Is this ok??

Pat Rankin rankin at eql.caltech.edu
Fri Mar 8 14:02:34 AEST 1991


>In article <DAVIS.91Mar6213546 at pacific.mps.ohio-state.edu> davis at pacific.mps.ohio-state.edu  (John E. Davis) writes:
>    The following code works on sun4 and ultrix but crashes on VMS.
> Just when I thought I understood pointers.....

     Your pointer usage looks correct.  Are you using VAX C V3.0?
Its optimizer had some problems with inlining functions.  Try using
``cc/nooptimize'' or ``cc/opt=noinline'', or upgrade to V3.1 (which
was released more than a year ago).

     You should always retry with optimization suppressed when something
you're reasonably sure is correct gives the wrong results.

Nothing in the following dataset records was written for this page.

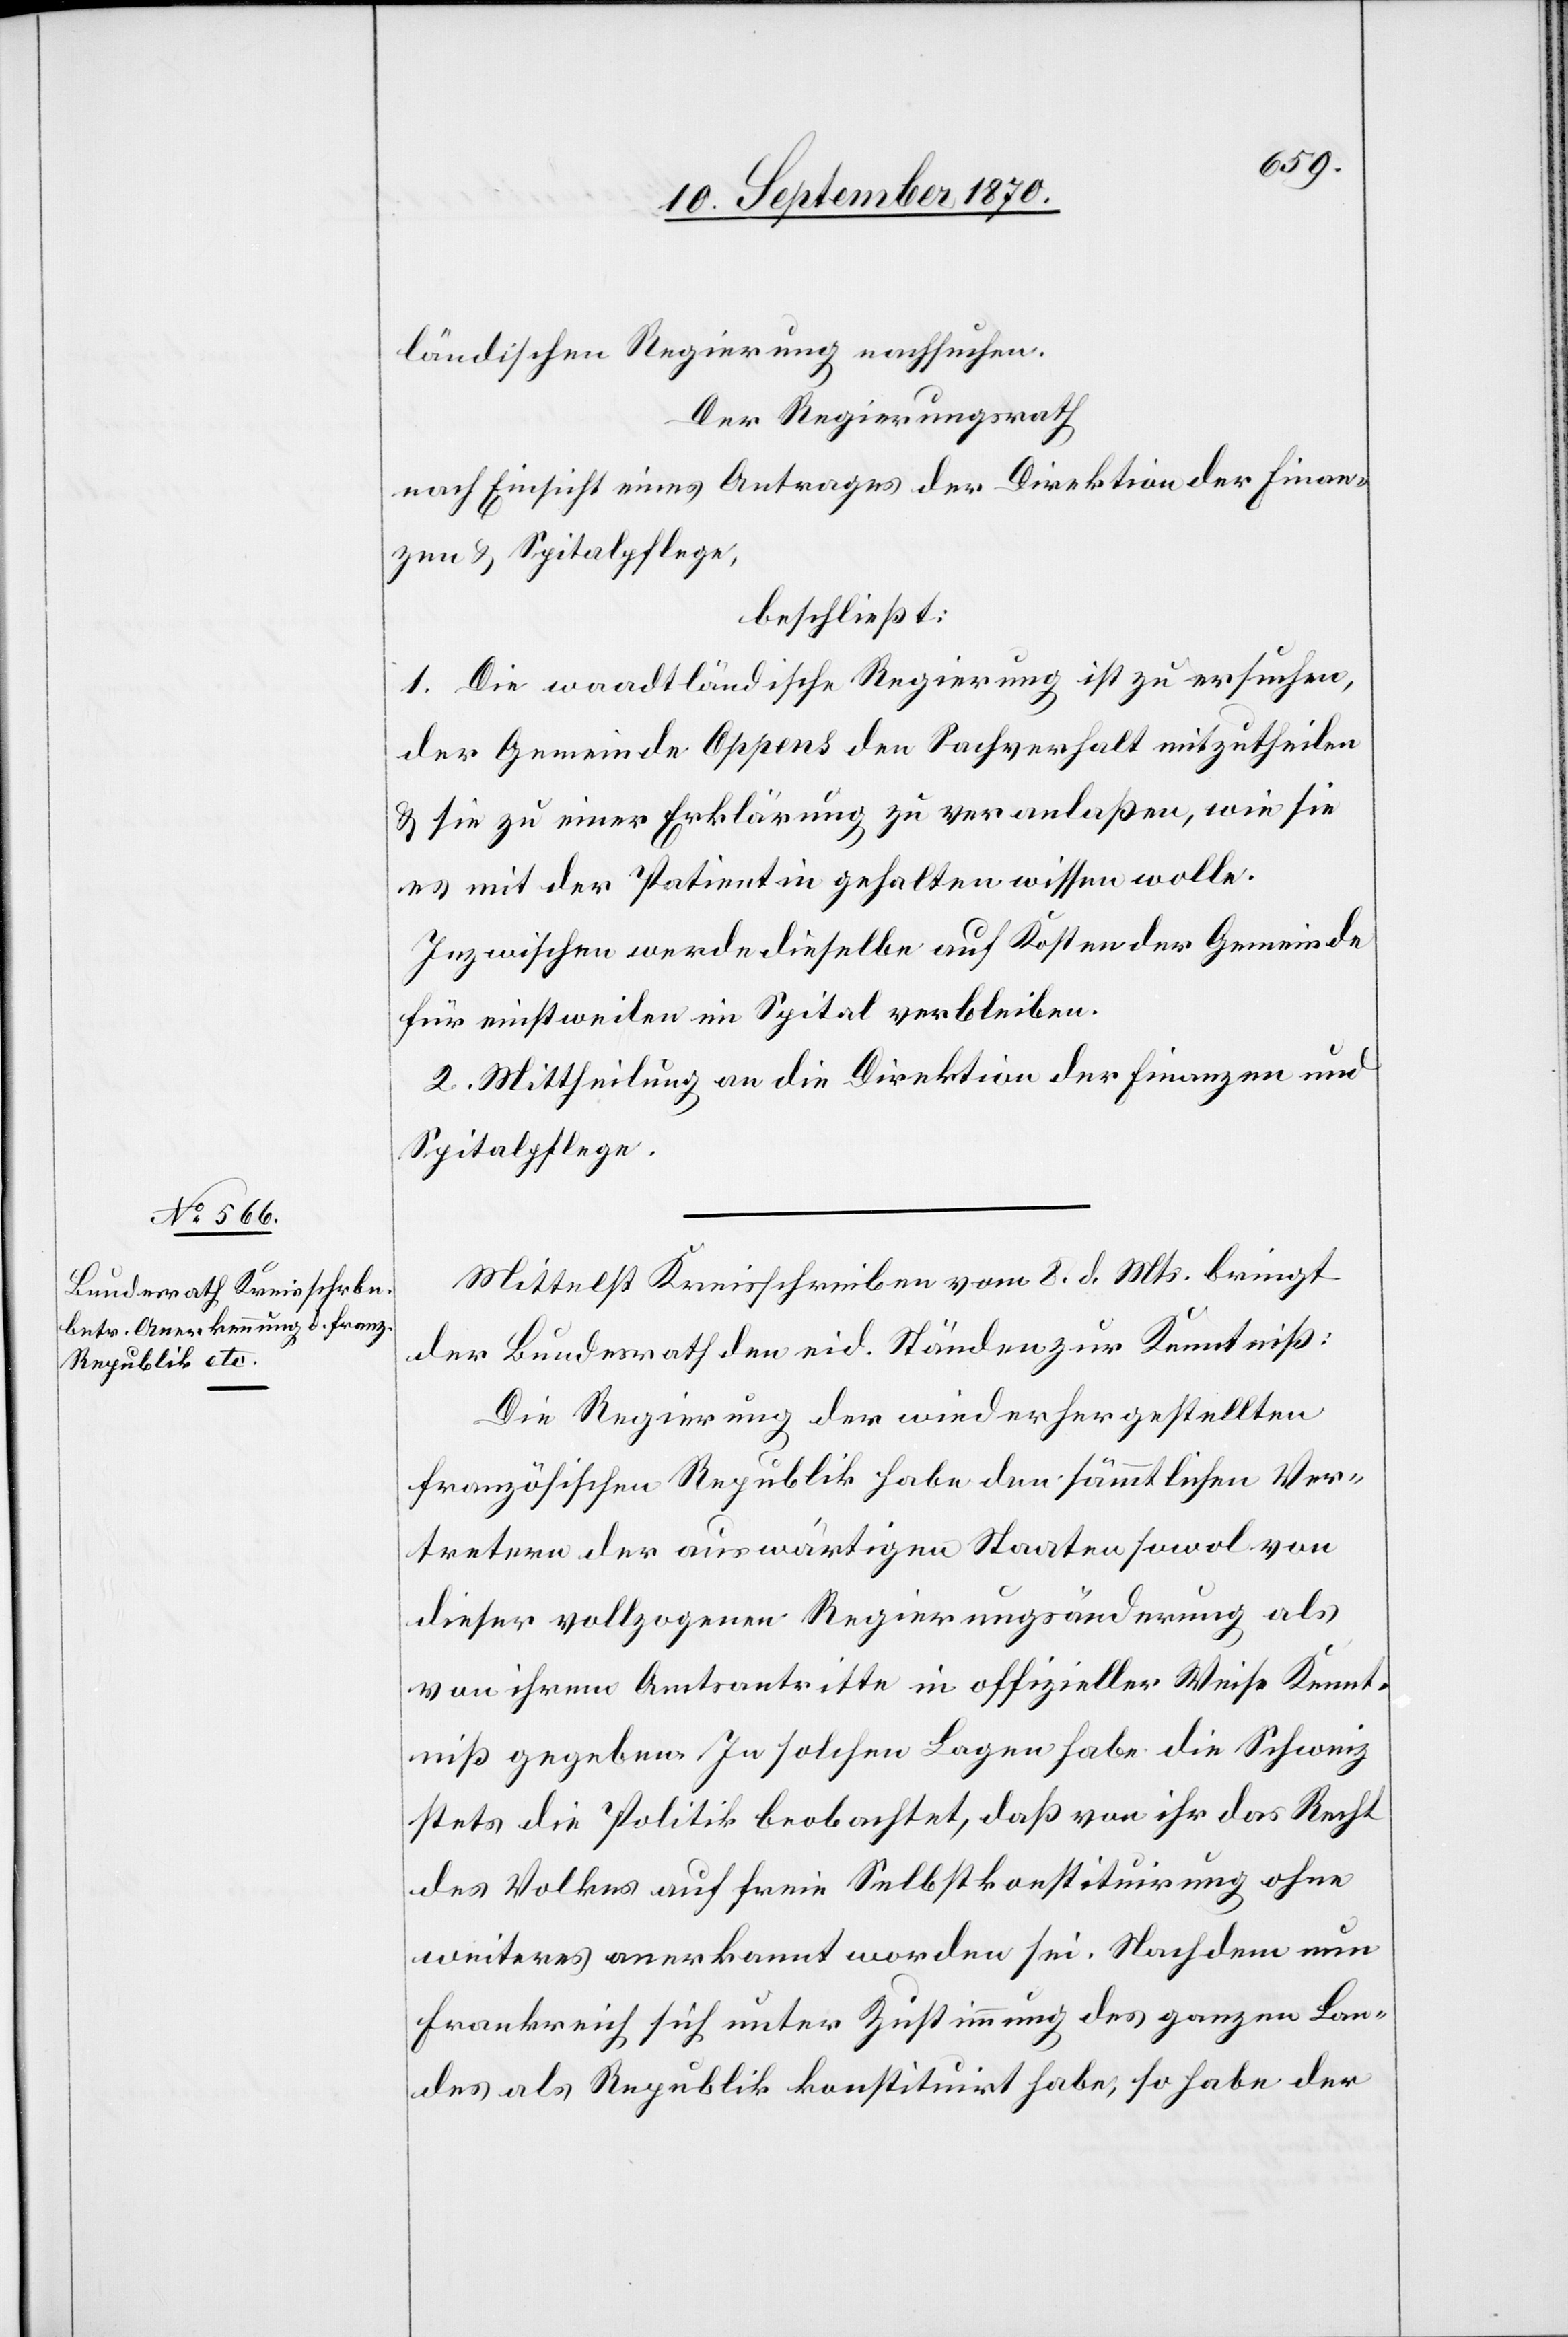
ländischen Regierung nachsuchen.
Der Regierungsrath
nach Einsicht eines Antrages der Direktion der Finan¬
zen & Spitalpflege,
beschließt:
1. Die waadtländische Regierung ist zu ersuchen,
der Gemeinde Oppens den Sachverhalt mitzutheilen
& sie zu einer Erklärung zu veranlaßen, wie sie
es mit der Patientin gehalten wissen wolle.
Inzwischen werde dieselbe auf Kosten der Gemeinde
für einstweilen im Spital verbleiben.
2. Mittheilung an die Direktion der Finanzen und
Spitalpflege.
Mittelst Kreisschreiben vom 8. d. Mts. bringt
der Bundesrath den eid. Ständen zur Kenntniß:
Die Regierung der wiederhergestellten
französischen Republik habe den sämmtlichen Ver¬
tretern der auswärtigen Staaten sowol von
dieser vollzogenen Regierungsänderung als
von ihrem Amtsantritte in offizieller Weise Kennt¬
niß gegeben. In solchen Lagen habe die Schweiz
stets die Politik beobachtet, daß von ihr das Recht
des Volkes auf freie Selbstkonstituirung ohne
weiteres anerkannt worden sei. Nachdem nun
Frankreich sich unter Zustimmung des ganzen Lan¬
des als Republik konstituirt habe, so habe der

>In article <1991Mar7.173712.18201 at zoo.toronto.edu> henry at zoo.toronto.edu (Henry Spencer) writes:
> My tentative diagnosis is that you understand pointers but don't understand
> VMS exit status!  0 is *not* "success" in VMS.

     He would have hit that next.  Even ``return EXIT_SUCCESS;'' wouldn't
help unless he defined EXIT_SUCCESS manually, because the the VAX C
version of <stdlib.h> currently has the wrong value for VMS (it's 0, when
VMS really does need 1 for success; it has 2 for EXIT_FAILURE, which is
suitable but not optimal).

In article <PJT.91Mar7191135 at dharma.cpac.washington.edu>, pjt at cpac.washington.edu (Larry Setlow) writes...
> I've redirected followups to comp.os.vms, since this line of
> discussion has become VMS-specific.

     The question was about pointers, not about VMS.  Exit status is a
red herring here.  Known compiler problems are appropriate for this group,
as are suggestions to use EXIT_xx macros instead of hard coded exit values.